ADDING STEREOTACTIC BODY RADIATION THERAPY (SBRT) to chemotherapy improves overall survival and slows cancer progression in patients with advanced liver cancer, according to a recent clinical trial.
SBRT aims multiple small radiation beams at a tumor from different directions. Individually, these beams have little impact on tissues they pass through, but the point at which they come together delivers a precise radiation dose to tumors.
Currently, SBRT is a treatment option for people who cannot undergo surgery to remove their liver cancer due to age, health conditions or tumor location. SBRT is most often used on liver and lung tumors. Researchers have explored SBRT’s use in early-stage hepatocellular carcinoma, the most common form of liver cancer, but they weren’t sure if the targeted radiation would increase survival for locally advanced, inoperable disease.
The NRG/RTOG 1112 trial was a randomized phase III study comparing a treatment course of SBRT followed by sorafenib, a type of chemotherapy used to treat inoperable liver cancer, to sorafenib alone. The trial included 177 participants ages 27-84 randomized to either the SBRT plus sorafenib group (85 participants) or the sorafenib alone group (92 participants). Patients enrolled in the trial had inoperable, locally advanced tumors, mostly isolated to the liver, with a median size of 7.9 centimeters.
The average overall survival for participants treated with SBRT and sorafenib was more than three months longer than that of participants treated with sorafenib alone. Additionally, the average survival time without any cancer progression was almost four months longer for participants in the SBRT arm. And the addition of SBRT did not add any serious undue side effects.
“We have shown clinically important improvement for patients, and that on its own is a little unusual even amongst other cancers, but especially for liver cancer,” says Laura Dawson, a radiation oncologist at the Princess Margaret Cancer Centre in Toronto. Dawson led the study and presented the trial’s findings at the American Society for Radiation Oncology annual conference in October 2022.
Nima Nabavizadeh, a radiation oncologist and associate professor of radiation medicine in Oregon Health and Science University’s School of Medicine in Portland, thinks the study’s findings suggest that adding SBRT should be the new standard of care for patients treated with sorafenib for advanced liver cancer. “What is unique about the study is that it enrolled a population of patients with very advanced cancers,” says Nabavizadeh, who was not involved with the trial.
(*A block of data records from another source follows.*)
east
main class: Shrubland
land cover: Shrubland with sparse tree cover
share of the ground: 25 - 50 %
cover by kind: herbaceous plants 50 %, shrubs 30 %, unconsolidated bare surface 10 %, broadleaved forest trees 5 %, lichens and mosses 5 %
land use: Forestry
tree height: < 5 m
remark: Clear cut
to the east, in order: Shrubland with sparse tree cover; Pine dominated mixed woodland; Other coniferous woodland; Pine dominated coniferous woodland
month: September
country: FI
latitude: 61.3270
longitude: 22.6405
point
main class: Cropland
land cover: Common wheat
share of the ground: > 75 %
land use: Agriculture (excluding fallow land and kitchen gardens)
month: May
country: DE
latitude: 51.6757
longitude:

Most study participants had vascular invasion, meaning tumors were affecting the blood vessels—in many cases, the portal vein in the liver, which is responsible for delivering blood from other organs. “[Vascular invasion] is often an exclusion criterion for cancer studies, so it was nice to see this patient population included,” Nabavizadeh says. “In addition, some patients had metastatic disease. So, [the findings speak] to a broad, locally advanced population that unfortunately doesn’t have a lot of therapeutic options available to them.”
Both Dawson and Nabavizadeh note that while the trial was taking place, emerging research shifted the standard of care for liver cancer from chemotherapy to immunotherapy. In response to this development, the SBRT study closed sooner than anticipated, which meant the sample size was smaller than originally planned.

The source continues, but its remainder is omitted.